El mundo cósmico: sus principios


El mundo cósmico: sus principios


Dios ha creado el cosmos, lo cósmico, el mundo cósmico, los Cielos (Gn1,1), que en griego (ouranós) significa el orden del universo, lo que está en la cima, y en hebreo (shâmayim) toma el significado de lo que está alto, lo que es elevado, lo noble, lo perfecto en el ser.

Dios crea el mundo cósmico, la Creación invisible, para los seres inteligentes, que son de tres clases diferentes: los espíritus puros, los seres cósmicos y las almas.

Para estos seres es necesario un espacio espiritual, que son las Dimensiones, las cuales no están en ningún espacio físico, material, extenso, ni son temporales, sino que están en lo profundo, en el abismo (Gn 1, 2) (tehôm) de los Cielos. Los Cielos son las Dimensiones, son lo profundo del Universo. Las Dimensiones son invisibles a los hombres que están limitados por el pecado original. Si el hombre tuviera la vista no manipulada, originaria, vería estas Dimensiones, como las han visto algunos Santos. Ver las Dimensiones no es propio de los santos. Era natural para el hombre en su origen. Ahora, es natural no verlas. Para verlas es necesario saber usar la Gracia, vivir en Gracia. También se pueden ver e ir a esas Dimensiones por el camino equivocado, el que da el demonio con su falsa espiritualidad, que los ufólogos e “insiders” conocen bien. Cada una de las Dimensiones representa el estado evolutivo de la conciencia del ser que ha hecho conocimiento de sí.

Dios crea la existencia de los seres y las esencias de ellos.

Dios crea el principio de la vida, por el cual se tiene la existencia en el ser. Sin este principio de la vida, no hay Universo, ni invisible ni visible.

Un átomo, un espíritu, un ser cósmico, un alma tiene un principio de vida, que lo sustenta en el ser, que la da la existencia. Sin este principio de vida, sin la existencia en el ser, no es posible que una criatura sea, tenga esencia o substancia.

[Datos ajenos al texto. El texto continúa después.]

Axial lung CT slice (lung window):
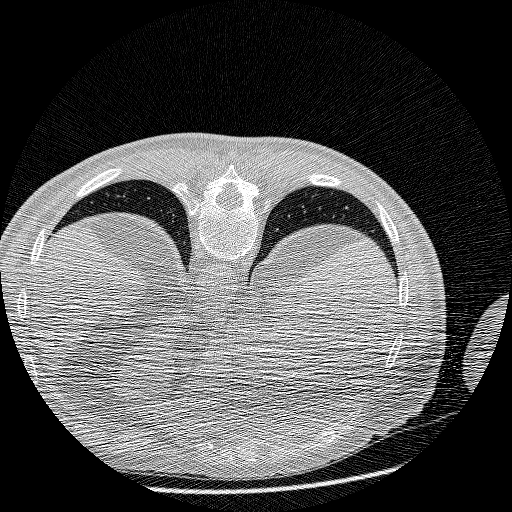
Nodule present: no
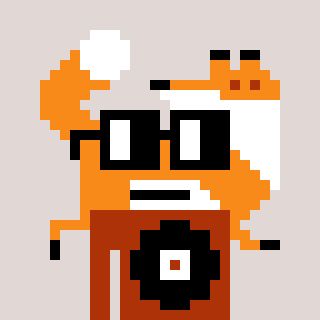
a pixel art character with square black glasses, a fox-shaped head and a hotbrown-colored body on a warm background
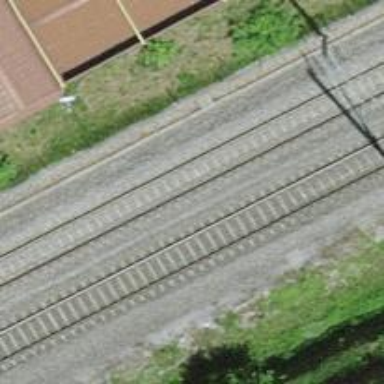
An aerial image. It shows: Railway switch.
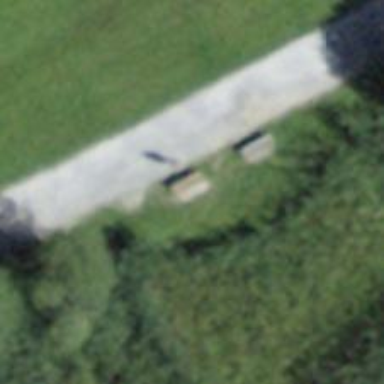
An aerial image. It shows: Brown bench.
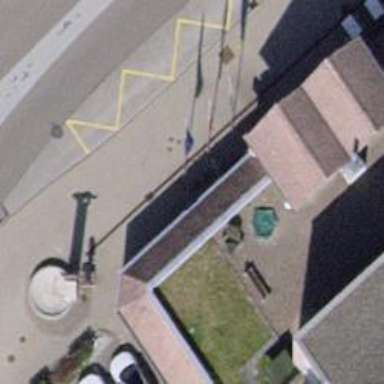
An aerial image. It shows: Flagpole which is man-made.
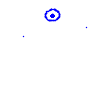
Particle: proton
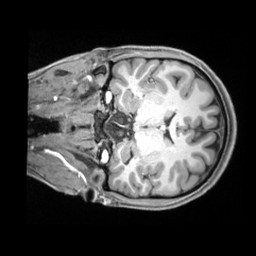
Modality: T1w
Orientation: coronal
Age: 21
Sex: female
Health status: ill
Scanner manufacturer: siemens
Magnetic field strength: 3 T
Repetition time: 2.2 s
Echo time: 0.00218 s
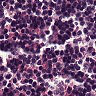
Metastatic tissue present: no
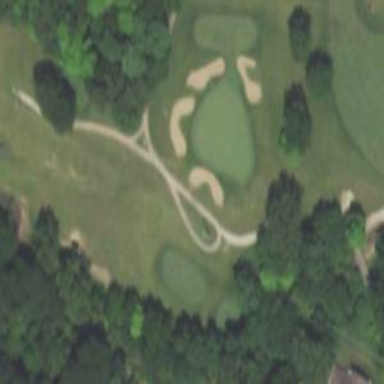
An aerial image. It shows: Path used for both walking and golf.
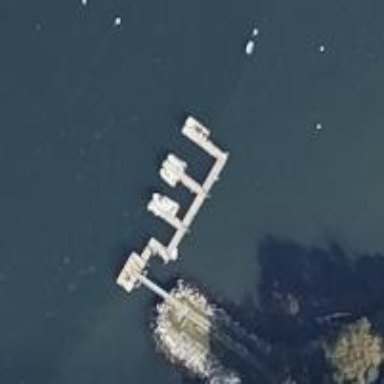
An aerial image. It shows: Pier located along footway.
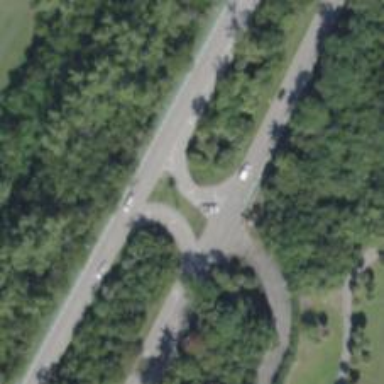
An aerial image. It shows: Asphalt road with primary link designation.
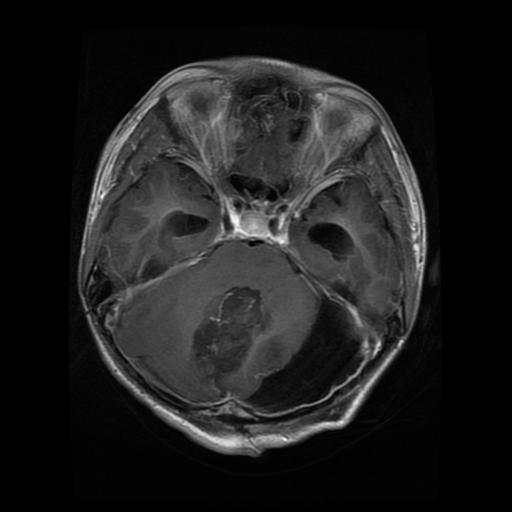
Label: glioma
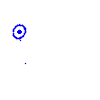
Particle: proton
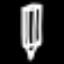
Label: pencil
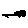
Label: car
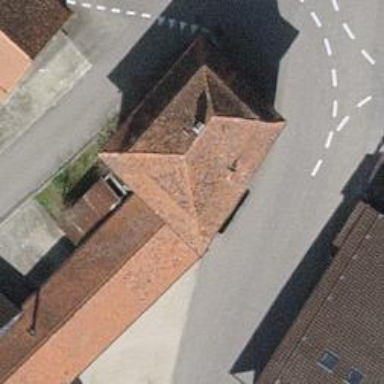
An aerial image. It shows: Simple and straightforward house.
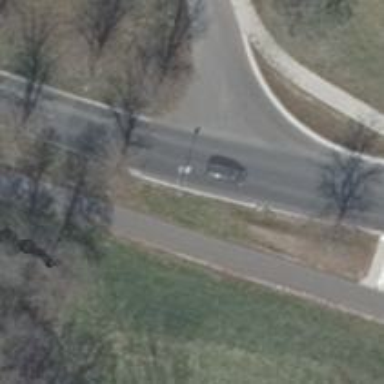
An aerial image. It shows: Secondary road with asphalt surface and lane markings.
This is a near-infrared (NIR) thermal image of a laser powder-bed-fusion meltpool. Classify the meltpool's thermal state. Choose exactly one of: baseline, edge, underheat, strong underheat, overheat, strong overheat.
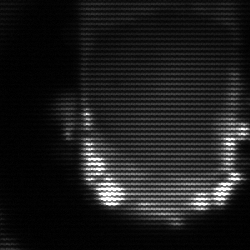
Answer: baseline
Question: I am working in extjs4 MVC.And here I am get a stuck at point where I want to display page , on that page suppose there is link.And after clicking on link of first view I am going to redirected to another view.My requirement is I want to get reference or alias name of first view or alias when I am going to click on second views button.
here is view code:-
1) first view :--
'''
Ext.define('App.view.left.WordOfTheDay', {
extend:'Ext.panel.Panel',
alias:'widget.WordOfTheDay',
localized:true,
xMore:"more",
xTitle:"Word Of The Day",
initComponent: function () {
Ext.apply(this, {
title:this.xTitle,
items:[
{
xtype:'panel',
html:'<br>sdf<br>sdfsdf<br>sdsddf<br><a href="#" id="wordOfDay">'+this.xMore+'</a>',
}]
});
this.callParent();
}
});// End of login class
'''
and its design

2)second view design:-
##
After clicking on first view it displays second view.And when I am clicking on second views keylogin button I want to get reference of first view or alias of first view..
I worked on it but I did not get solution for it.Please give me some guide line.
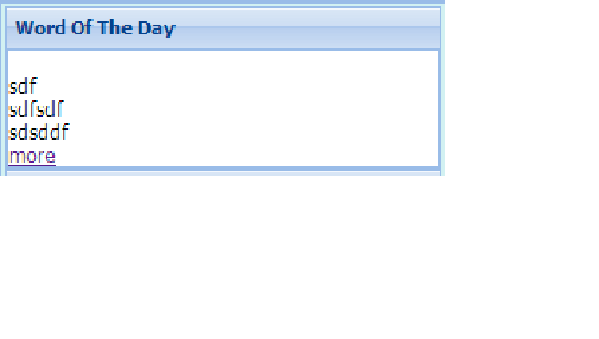
Answer: One possible solution is to assign an unique id to each view, then use <URL> to get the reference. For example:
'''
Ext.define('MyPanel1', {
extend: 'Ext.Component',
xtype: 'mypanel1',
id: 'my-panel-1',
html: 'Panel 1 <a href="#">Go</a>',
initComponent: function() {
this.on('afterrender', function() {
this.getEl().down('a').on('click', function() {
Ext.ComponentManager.get('my-panel-2').show(); // go to second view
this.hide();
}, this);
}, this);
}
});
Ext.define('MyPanel2', {
extend: 'Ext.Component',
xtype: 'mypanel2',
id: 'my-panel-2',
html: 'Panel 2 <a href="#">Back</a>',
initComponent: function() {
this.on('afterrender', function() {
this.getEl().down('a').on('click', function() {
Ext.ComponentManager.get('my-panel-1').show(); // back to first view
this.hide();
}, this);
}, this);
}
});
Ext.onReady(function() {
Ext.create('Ext.container.Container', {
items: [
{
xtype: 'mypanel1',
},
{
xtype: 'mypanel2',
hidden: true,
}
],
renderTo: Ext.getBody()
});
});
'''
<URL> on Plunker
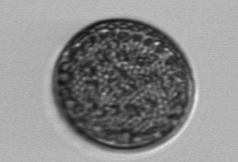
Label: Coscinodiscus
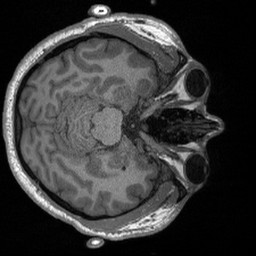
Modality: T1w
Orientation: axial
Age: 32
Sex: male
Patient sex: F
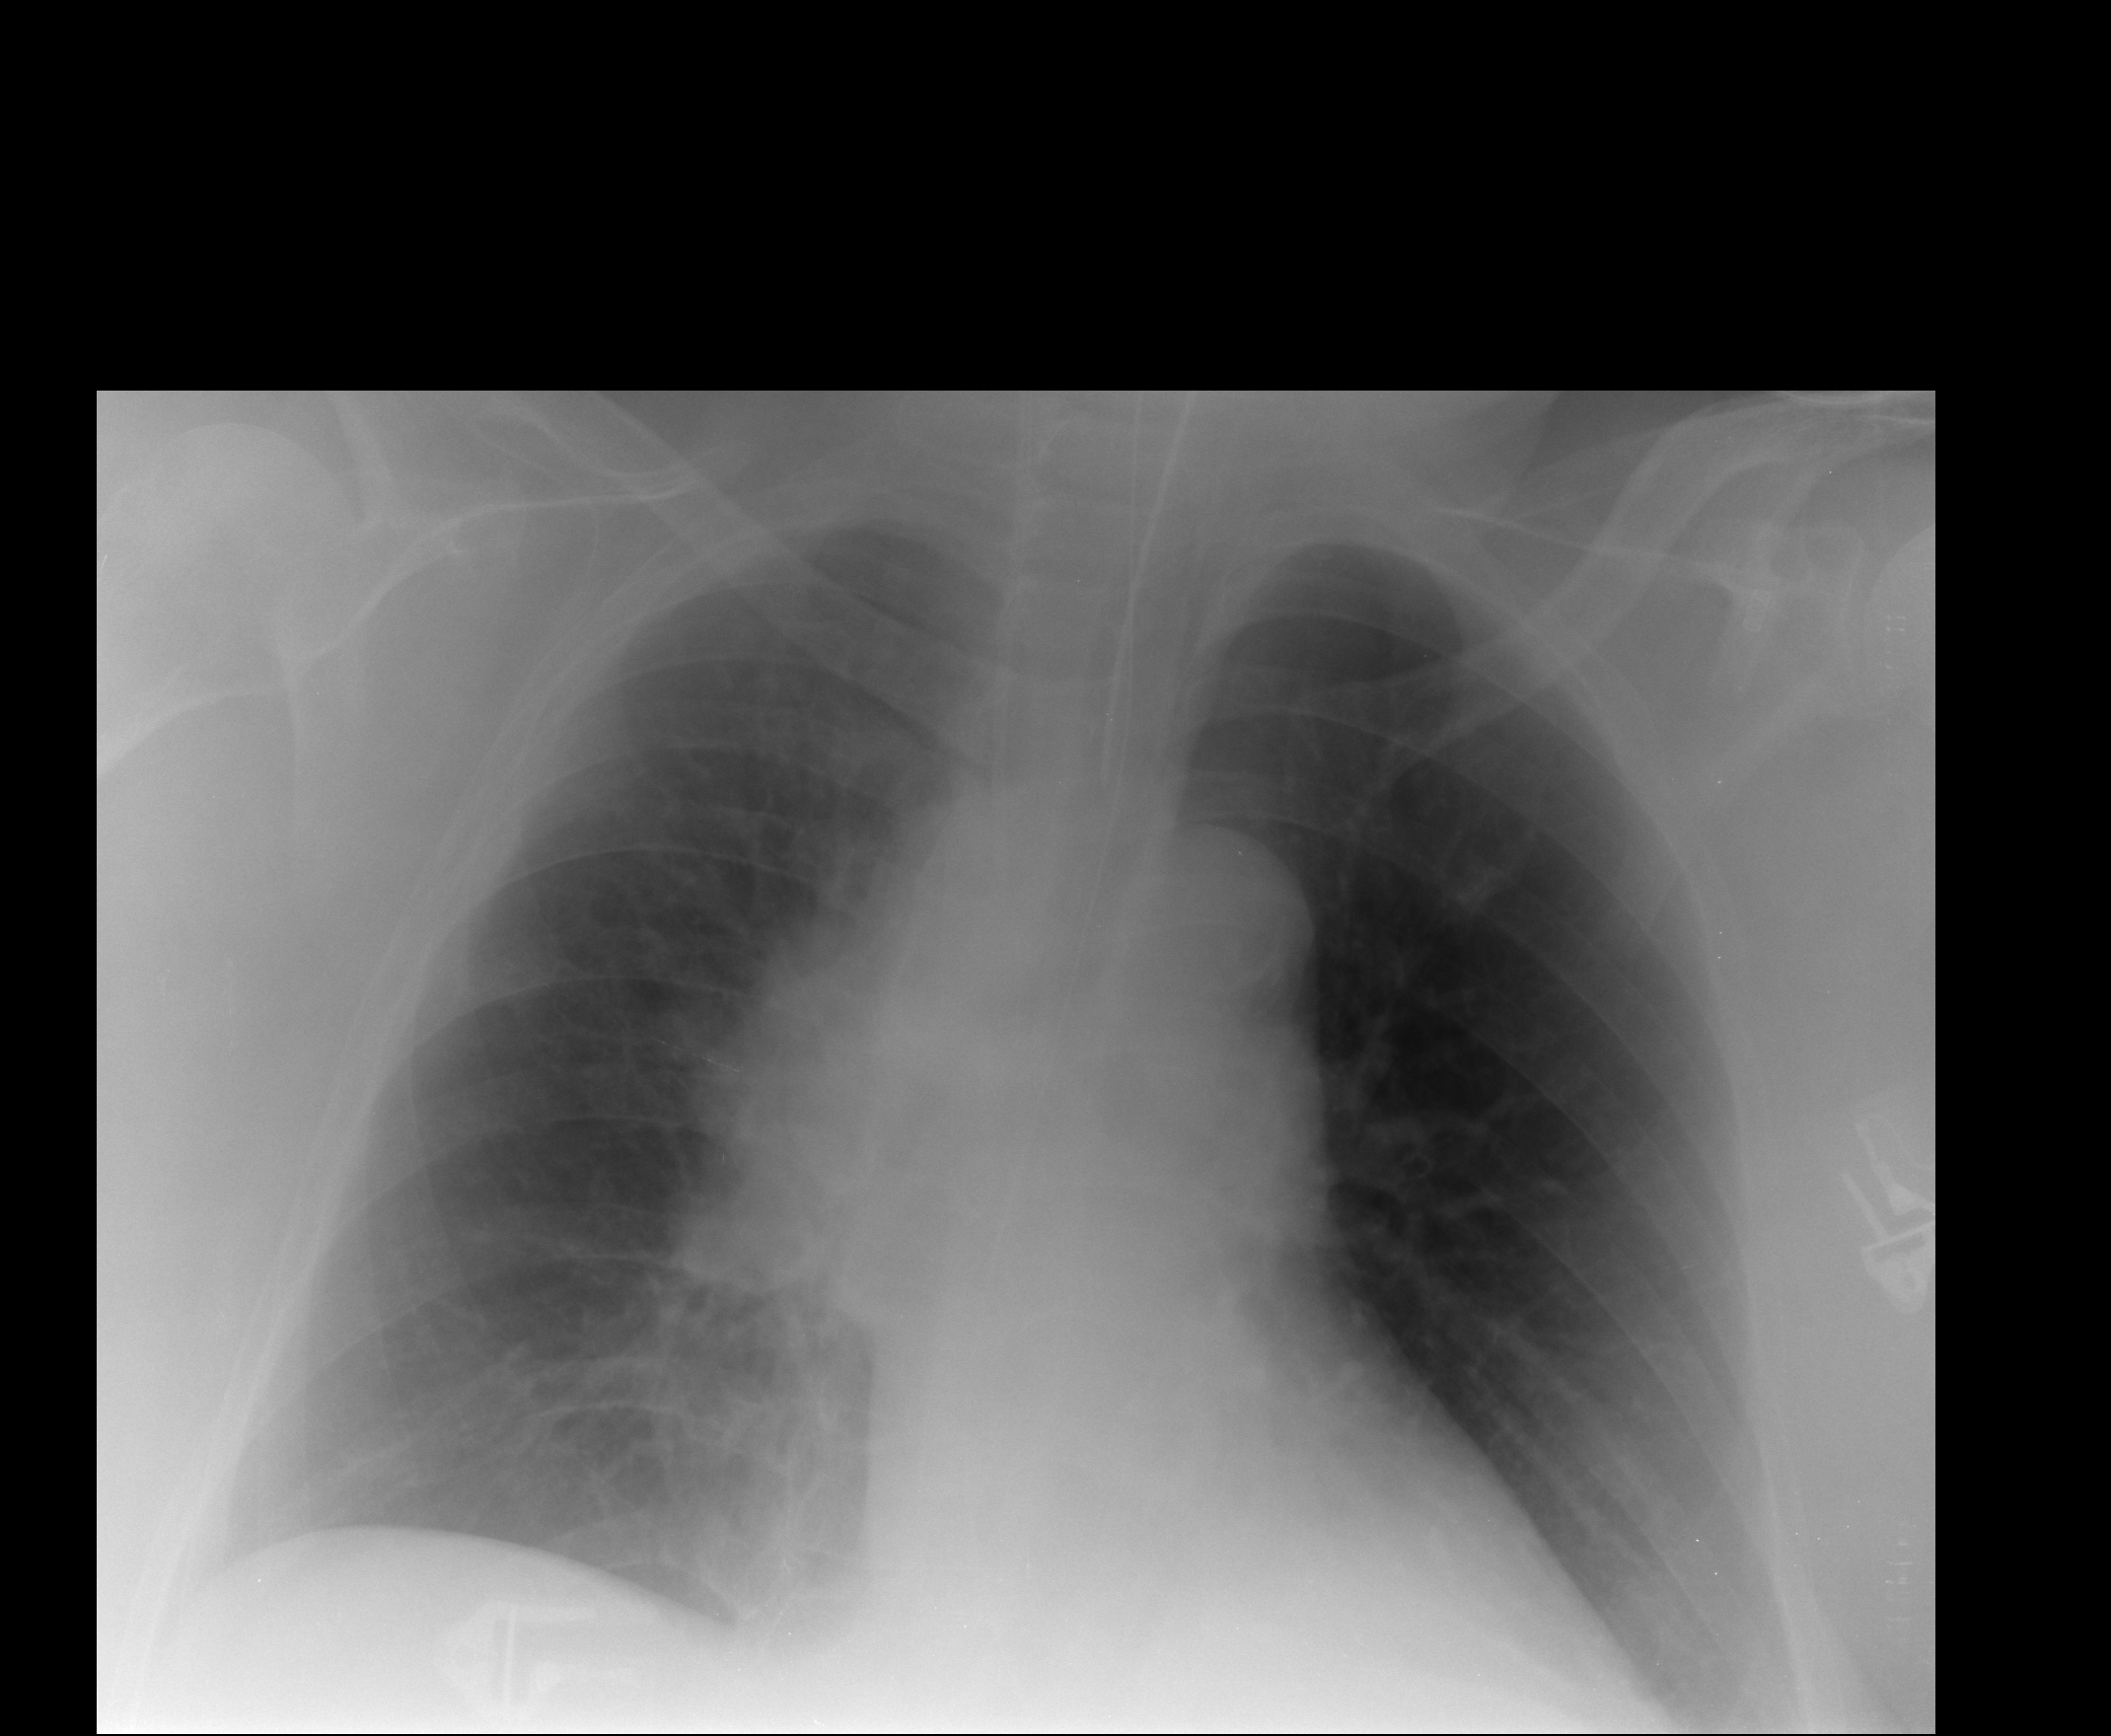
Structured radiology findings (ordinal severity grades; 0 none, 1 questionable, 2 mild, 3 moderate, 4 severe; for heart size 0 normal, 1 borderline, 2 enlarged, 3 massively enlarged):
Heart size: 0
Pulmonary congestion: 0
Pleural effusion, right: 0
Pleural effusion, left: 0
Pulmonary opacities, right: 0
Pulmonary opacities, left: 0
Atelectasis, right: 2
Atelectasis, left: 0
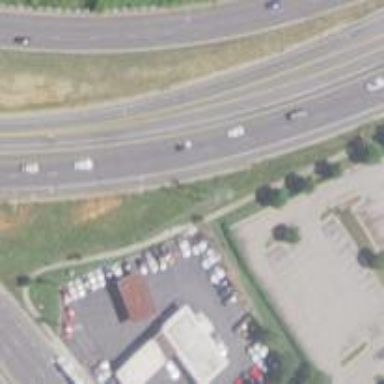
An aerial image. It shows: Trunk link highway.
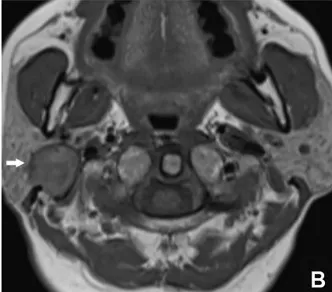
MRI findings for Case 1. (B) The lesion was iso-/slightly short on T1WI, with a long T1WI signal ring, which was locally discontinuous, at the edge of the lesion.
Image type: radiology (mri)

Dios, antes de crear el Universo como es conocido, antes de la Creación visible, crea lo perfecto del Universo. No crea ningún planeta, ni astros, ni estrellas, ni galaxias, etc…. Crea el origen de la vida que se va a dar en todo el Universo, pues el Universo es vida. La vida viene del ser inteligente. Por eso, Dios al hombre, varón y hembra, le ha dado la vida en sus órganos sexuales para que produzca la vida.

El Universo no es material, ni energético, ni espiritual. Es Vida.

Y la vida es un acto de Amor. En la multiplicación del Amor está el secreto de la Vida. Donde no hay Amor no es posible la Vida.

El amor que se señala aquí es el amor que está en Dios, no el amor que los hombres conocen en la tierra. El amor humano, lo que se llama amor entre los hombres, es sólo una palabra vacía, un sentimiento amorfo, una obra en la que entra la soberbia y el orgullo del hombre para contaminar la obra que debería nacer de las profundidades de Dios.

Donde no hay vida, no hay amor. Y, por eso, cuando los hombres manipulan la vida, en la fecundación artificial, producen una ciencia perversa, una obra de muerte, que lleva a la humanidad a su involución, sin posibilidad de retorno.

Cuando hombres y mujeres hacen negocio con sus espermas y óvulos, que son seres vivos, no materia biológica, entonces se convierten en las marionetas de los nuevos amos del Universo, que han creado este modelo de tierra para subvertirla y hacer que desaparezca todo rastro de condición de vida, que Dios había puesto cuando la creó.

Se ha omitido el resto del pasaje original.